Wednesday 26 August 2020

The long and the short of it

I've been writing today about the longest place name not only in New Zealand, but also THE WORLD! It's in the southern Hawkes Bay and it's "Taumatawhakatangihangakoauauotamateaturi pukakapikimaungahoronukupokaiwhenuakitanatahu" which means "the place where Tamatea, the man with the big knees, who slid, climbed and swallowed mountains, known as 'landeater’, played his flute to his loved one". It's also a bit of a cheat, since there's good reason to say it should be written as the sentence that it is, and not a single word.

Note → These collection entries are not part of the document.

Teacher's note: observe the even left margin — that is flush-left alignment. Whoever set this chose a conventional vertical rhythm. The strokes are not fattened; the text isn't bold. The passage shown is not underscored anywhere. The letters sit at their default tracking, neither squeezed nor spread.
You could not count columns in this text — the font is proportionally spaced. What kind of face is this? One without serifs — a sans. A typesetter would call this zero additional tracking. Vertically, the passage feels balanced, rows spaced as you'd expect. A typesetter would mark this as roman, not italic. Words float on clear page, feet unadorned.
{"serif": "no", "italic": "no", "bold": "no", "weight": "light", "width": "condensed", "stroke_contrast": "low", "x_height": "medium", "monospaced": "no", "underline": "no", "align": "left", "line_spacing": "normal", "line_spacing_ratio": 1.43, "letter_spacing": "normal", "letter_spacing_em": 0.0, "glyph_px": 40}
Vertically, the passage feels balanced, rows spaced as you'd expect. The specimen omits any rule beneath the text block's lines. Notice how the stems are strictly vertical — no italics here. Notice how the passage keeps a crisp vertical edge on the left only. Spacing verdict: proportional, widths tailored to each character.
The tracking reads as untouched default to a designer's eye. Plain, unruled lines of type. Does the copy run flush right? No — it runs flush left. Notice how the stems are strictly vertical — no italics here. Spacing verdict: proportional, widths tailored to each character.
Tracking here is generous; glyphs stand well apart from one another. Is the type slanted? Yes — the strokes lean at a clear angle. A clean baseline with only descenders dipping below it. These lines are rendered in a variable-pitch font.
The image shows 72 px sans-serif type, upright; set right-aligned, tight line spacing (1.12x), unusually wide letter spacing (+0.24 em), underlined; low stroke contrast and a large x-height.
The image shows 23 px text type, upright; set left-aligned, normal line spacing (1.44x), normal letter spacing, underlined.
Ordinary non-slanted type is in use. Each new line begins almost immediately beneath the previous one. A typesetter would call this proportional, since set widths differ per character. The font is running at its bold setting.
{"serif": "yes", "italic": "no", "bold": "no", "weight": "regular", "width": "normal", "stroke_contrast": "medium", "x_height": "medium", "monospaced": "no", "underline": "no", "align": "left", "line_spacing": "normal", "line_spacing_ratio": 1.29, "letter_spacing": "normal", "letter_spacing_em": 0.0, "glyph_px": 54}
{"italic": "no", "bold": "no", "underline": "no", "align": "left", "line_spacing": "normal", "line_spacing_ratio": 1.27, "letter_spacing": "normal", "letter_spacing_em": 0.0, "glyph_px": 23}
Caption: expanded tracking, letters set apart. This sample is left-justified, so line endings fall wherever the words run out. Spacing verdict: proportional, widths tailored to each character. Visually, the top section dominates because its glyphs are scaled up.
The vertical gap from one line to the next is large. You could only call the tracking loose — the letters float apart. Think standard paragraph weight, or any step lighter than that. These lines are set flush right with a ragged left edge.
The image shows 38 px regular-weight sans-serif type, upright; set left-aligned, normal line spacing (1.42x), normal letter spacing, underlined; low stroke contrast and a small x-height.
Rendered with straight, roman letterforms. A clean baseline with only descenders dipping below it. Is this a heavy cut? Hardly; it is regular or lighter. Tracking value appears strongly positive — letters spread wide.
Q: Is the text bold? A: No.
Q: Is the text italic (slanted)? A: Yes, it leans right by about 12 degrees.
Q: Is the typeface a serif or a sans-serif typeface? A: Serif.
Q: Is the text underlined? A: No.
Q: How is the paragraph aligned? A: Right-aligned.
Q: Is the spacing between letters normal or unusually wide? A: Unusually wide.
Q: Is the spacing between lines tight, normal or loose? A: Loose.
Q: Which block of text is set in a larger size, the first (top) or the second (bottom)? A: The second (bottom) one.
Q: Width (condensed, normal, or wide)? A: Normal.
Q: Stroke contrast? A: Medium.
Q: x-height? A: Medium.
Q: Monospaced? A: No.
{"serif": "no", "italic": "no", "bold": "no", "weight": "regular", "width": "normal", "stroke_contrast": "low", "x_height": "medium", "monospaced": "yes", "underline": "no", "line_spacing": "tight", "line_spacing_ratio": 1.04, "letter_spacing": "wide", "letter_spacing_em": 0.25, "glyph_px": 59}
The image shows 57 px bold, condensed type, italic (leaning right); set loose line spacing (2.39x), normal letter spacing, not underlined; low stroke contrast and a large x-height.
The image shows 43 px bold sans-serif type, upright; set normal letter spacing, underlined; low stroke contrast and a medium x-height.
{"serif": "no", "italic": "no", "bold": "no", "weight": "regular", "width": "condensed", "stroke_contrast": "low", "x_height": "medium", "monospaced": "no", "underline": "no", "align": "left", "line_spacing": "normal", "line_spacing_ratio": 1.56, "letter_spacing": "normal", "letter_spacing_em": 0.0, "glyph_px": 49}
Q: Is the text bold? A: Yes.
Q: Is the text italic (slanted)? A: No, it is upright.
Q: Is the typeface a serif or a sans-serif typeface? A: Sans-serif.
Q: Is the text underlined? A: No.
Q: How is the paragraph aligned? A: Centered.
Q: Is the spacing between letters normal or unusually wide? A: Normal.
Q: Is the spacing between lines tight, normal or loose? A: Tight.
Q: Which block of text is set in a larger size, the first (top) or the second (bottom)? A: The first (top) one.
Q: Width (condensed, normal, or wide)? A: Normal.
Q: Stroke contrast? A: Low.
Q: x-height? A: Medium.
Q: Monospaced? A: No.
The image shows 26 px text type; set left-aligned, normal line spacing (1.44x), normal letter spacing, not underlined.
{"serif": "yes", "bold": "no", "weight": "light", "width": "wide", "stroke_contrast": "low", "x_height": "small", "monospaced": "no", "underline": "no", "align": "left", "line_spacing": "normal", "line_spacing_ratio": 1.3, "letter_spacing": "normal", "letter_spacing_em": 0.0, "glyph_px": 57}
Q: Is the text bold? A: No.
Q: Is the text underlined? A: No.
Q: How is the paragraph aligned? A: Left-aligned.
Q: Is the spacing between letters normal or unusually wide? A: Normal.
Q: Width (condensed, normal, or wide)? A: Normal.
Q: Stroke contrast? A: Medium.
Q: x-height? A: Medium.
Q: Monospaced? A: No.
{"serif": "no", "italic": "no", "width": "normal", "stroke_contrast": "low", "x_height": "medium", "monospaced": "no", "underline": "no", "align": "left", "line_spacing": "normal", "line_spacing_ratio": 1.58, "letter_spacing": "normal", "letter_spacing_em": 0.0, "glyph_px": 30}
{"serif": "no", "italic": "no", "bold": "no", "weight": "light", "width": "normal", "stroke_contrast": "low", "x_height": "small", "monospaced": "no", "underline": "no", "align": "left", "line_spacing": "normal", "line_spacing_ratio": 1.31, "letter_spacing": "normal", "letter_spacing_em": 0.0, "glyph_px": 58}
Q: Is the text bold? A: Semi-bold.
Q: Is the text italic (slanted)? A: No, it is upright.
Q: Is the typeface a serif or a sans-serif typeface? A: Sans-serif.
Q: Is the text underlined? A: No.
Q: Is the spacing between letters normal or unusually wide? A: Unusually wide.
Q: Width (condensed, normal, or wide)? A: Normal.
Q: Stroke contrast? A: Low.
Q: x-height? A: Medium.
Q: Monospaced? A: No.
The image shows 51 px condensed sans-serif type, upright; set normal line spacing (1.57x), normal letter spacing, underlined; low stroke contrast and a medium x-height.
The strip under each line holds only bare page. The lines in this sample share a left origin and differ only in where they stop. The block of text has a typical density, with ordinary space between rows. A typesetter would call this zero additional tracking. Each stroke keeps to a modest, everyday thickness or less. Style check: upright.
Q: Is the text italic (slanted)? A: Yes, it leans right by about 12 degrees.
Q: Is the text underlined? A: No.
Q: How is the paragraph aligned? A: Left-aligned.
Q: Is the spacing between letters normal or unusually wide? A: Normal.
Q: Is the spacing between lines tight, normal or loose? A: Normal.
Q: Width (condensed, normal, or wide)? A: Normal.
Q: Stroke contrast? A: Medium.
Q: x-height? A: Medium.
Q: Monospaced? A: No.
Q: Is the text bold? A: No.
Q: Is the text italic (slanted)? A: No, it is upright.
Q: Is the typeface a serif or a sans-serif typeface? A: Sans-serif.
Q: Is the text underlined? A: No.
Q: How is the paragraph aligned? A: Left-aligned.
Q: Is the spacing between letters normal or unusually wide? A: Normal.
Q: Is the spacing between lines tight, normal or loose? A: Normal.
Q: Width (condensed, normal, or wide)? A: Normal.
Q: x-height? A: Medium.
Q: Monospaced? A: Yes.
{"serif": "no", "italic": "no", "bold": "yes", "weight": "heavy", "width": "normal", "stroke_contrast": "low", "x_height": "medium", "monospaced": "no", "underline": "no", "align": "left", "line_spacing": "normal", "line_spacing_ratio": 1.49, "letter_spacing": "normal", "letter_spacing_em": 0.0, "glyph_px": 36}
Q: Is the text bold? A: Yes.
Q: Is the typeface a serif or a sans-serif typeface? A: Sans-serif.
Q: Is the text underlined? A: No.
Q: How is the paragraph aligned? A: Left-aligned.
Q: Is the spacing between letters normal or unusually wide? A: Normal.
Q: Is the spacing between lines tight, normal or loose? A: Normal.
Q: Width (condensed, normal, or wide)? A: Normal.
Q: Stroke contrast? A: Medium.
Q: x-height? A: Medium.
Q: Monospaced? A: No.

However, as it is, at 85 letters, it's officially the world's longest place name, sweeping aside the feeble competition from Llanfair-etc in Anglesey, in Wales, with its piffling 58 letters. It was 2009 when I went there, and I can't remember much now about the town, apart from the famous sign at the railway station:
Without a doubt, though, there's more to see there than there is at Taumata Hill, which you get to by driving 60 winding, hilly kilometres from Waipukurau, hardly a vibrant centre itself. It's just a middling-sized hill surrounded by farmland - but they did do their best with the sign, which is 10 metres long these days. When I went there, back in 1980, to the accompaniment of increasingly impatient tutting from the OH behind the wheel, it was just a standard yellow AA sign, if somewhat larger than usual.
It sent me off on a brief tangent to find out what the country's shortest name is, but that only brought up some pretty standard Anglo-Saxon like Gore, and Cust. I did discover, though, that there are many countries in the world with one-letter place names. Most of them are in Scandinavia and one is in the Lofoten Islands in Norway, where I went in 2018, although not as far south as  (that should actually be a little circle over the A, but I couldn't find one like that).
It was a pretty dull day there, weather-wise, which is probably standard, though of course the myriads of Instagram photos of Lofoten are uniformly bright and colourful. It was good to get there, though, and have a drive around. (I was the only one, it turned out, in our little group from the cruise ship, who had a driver's licence with me, so I did the driving, which was fortunately less challenging than it could have been, because the roads were so quiet and the other drivers so considerate). 
Pleasing clean-lined bridges, villages curled around their little ports full of fishing boats, racks with cod drying on them, pointy hills and pointier mountains with snow on even in July, red barns, yellow houses, orange kelp, sheep in green fields... It was lovely, even under low cloud. 

1 comment:

the queen said...

I wonder what it’s called when it’s at home. “I was born in Taumatea?”